[Data for this exercise]
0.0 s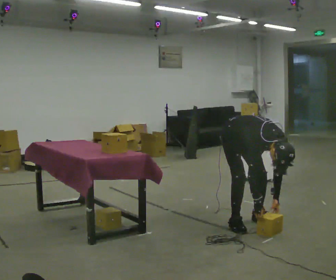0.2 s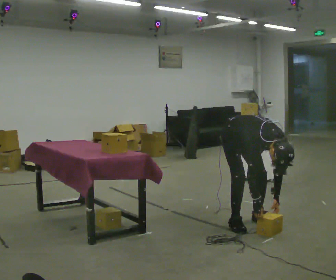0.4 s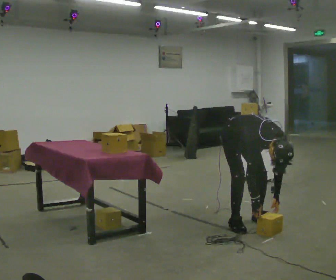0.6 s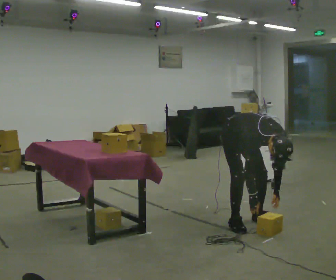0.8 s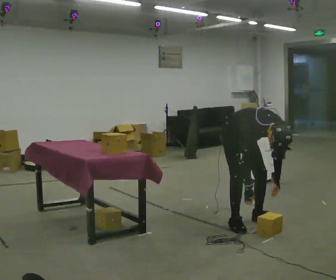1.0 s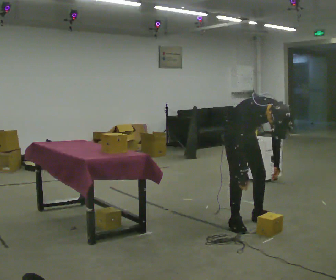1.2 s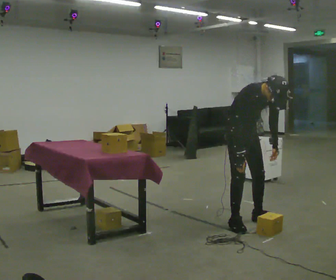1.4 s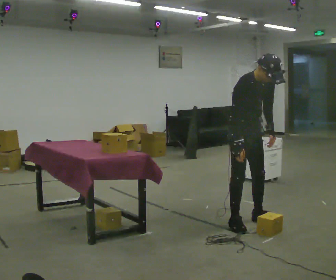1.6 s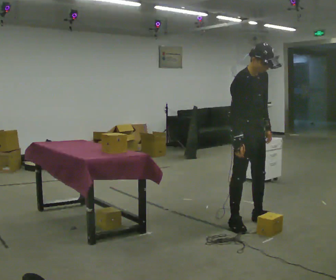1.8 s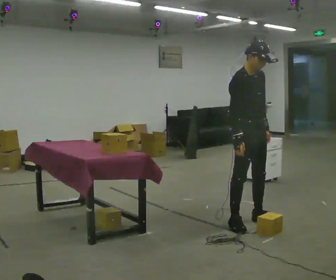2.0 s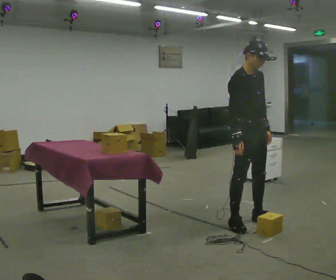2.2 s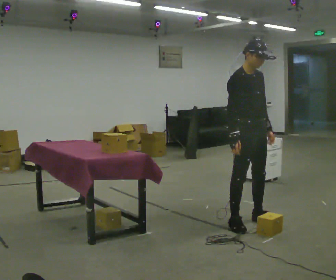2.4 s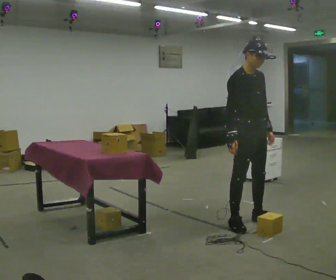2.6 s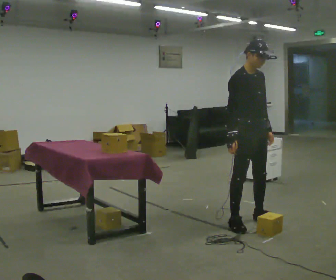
...
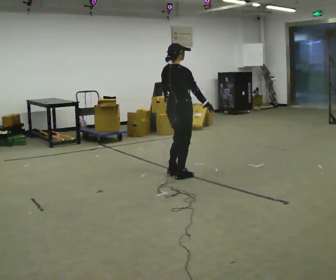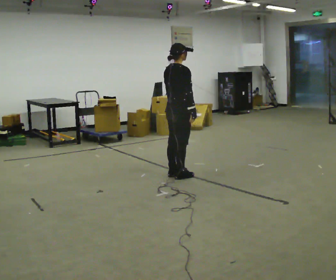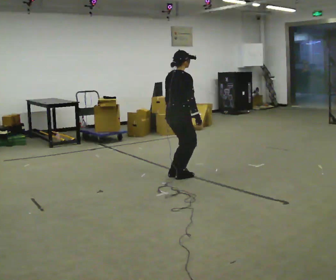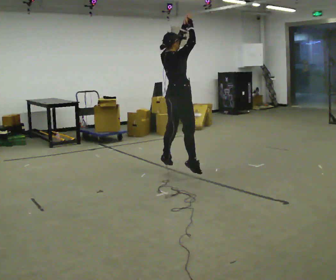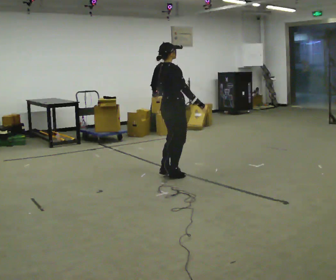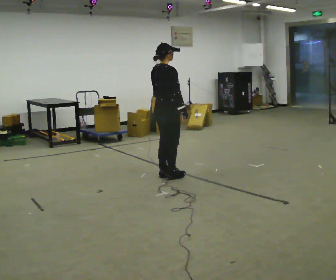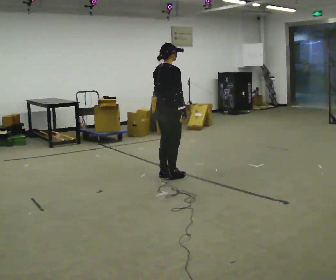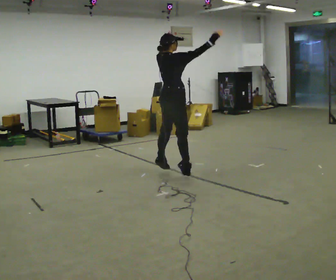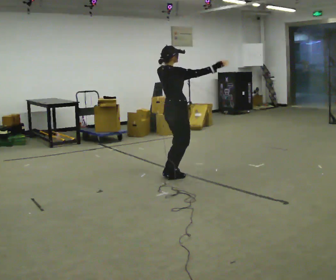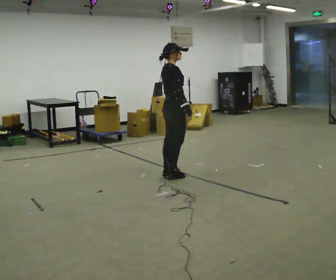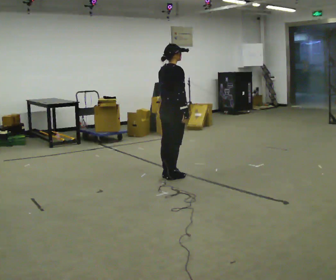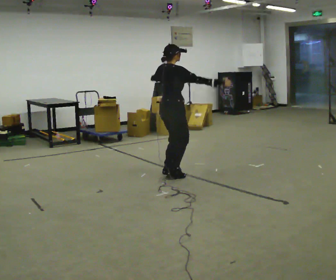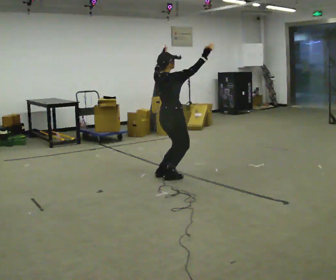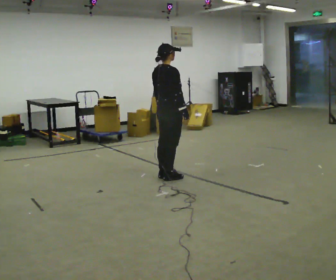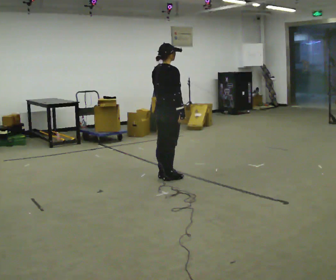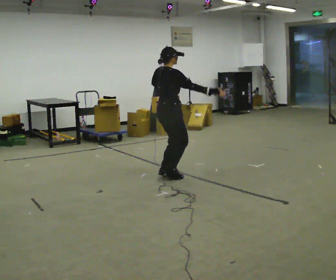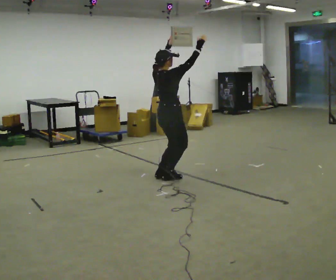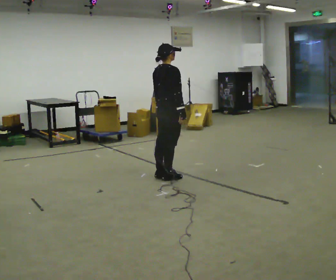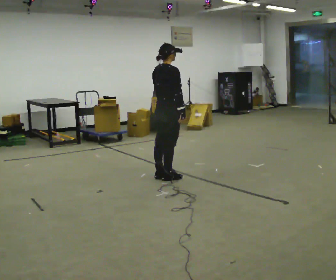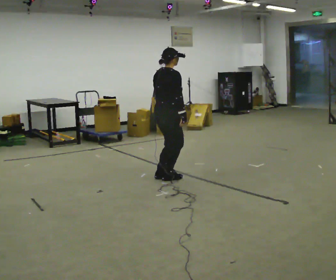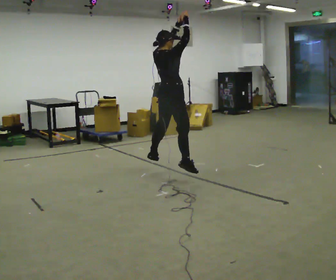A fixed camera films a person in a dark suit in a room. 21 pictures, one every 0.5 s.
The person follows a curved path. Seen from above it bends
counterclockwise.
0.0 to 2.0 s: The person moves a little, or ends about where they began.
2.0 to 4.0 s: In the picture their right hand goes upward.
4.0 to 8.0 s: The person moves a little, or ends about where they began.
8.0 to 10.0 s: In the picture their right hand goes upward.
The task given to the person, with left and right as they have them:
==
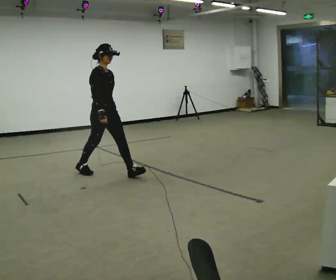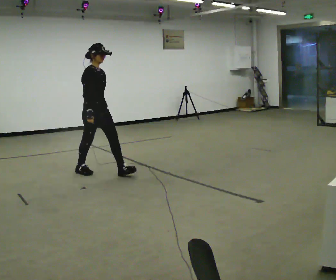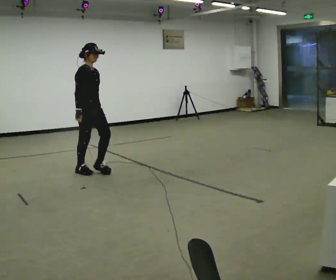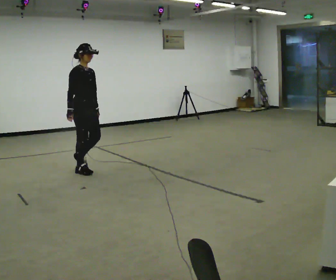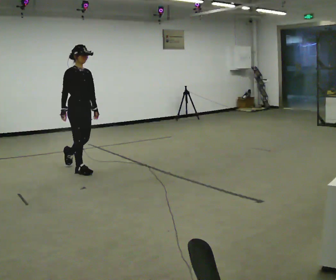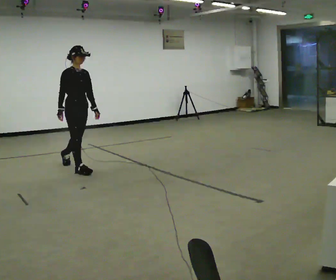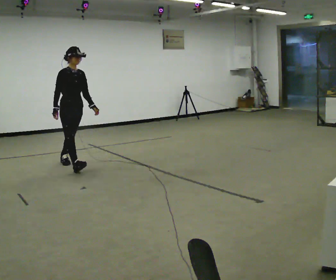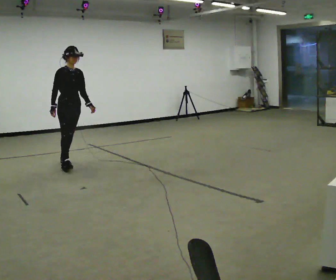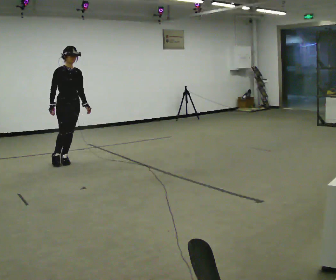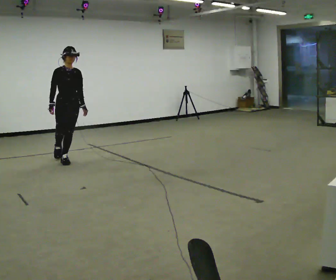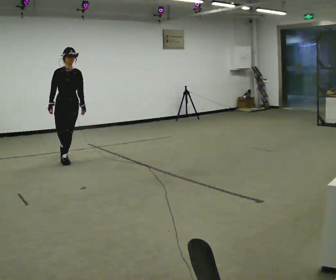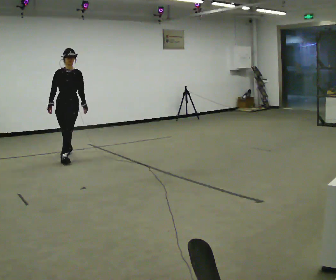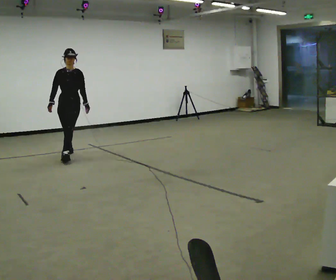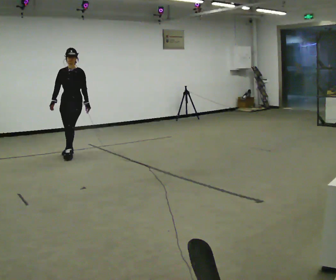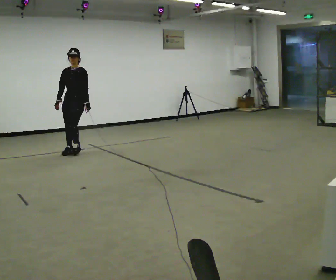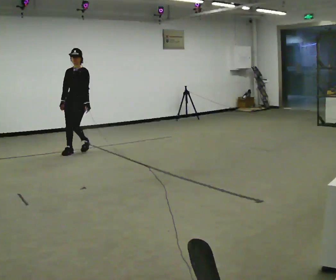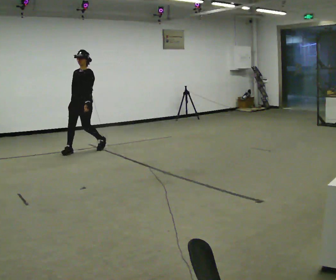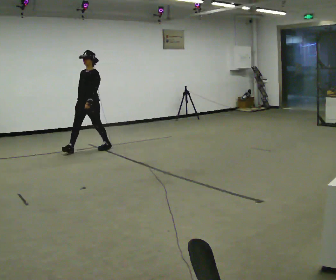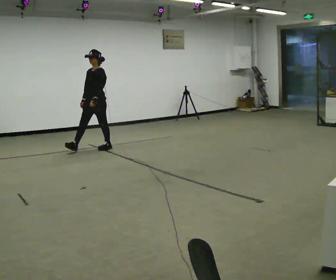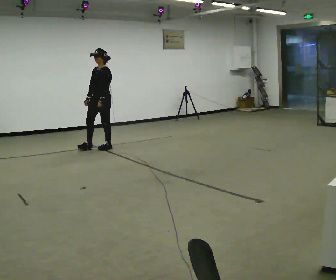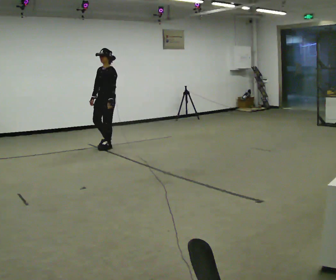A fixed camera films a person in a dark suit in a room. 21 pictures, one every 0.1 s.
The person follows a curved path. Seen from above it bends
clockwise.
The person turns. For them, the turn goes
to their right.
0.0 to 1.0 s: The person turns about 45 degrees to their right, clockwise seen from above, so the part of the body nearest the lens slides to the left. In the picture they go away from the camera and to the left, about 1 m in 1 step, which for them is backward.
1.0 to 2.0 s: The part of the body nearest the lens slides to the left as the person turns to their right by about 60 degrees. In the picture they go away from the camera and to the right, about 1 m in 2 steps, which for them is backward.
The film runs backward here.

[About this exercise] From the records above, write out exactly the lines that begin at the line with "every 0.5 s." and end at the line with "The task given". Pictures must not appear in the output.

[Answer section]
A fixed camera films a person in a dark suit in a room. 21 pictures, one every 0.5 s.
The person follows a curved path. Seen from above it bends
counterclockwise.
0.0 to 2.0 s: The person moves a little, or ends about where they began.
2.0 to 4.0 s: In the picture their right hand goes upward.
4.0 to 8.0 s: The person moves a little, or ends about where they began.
8.0 to 10.0 s: In the picture their right hand goes upward.
The task given to the person, with left and right as they have them:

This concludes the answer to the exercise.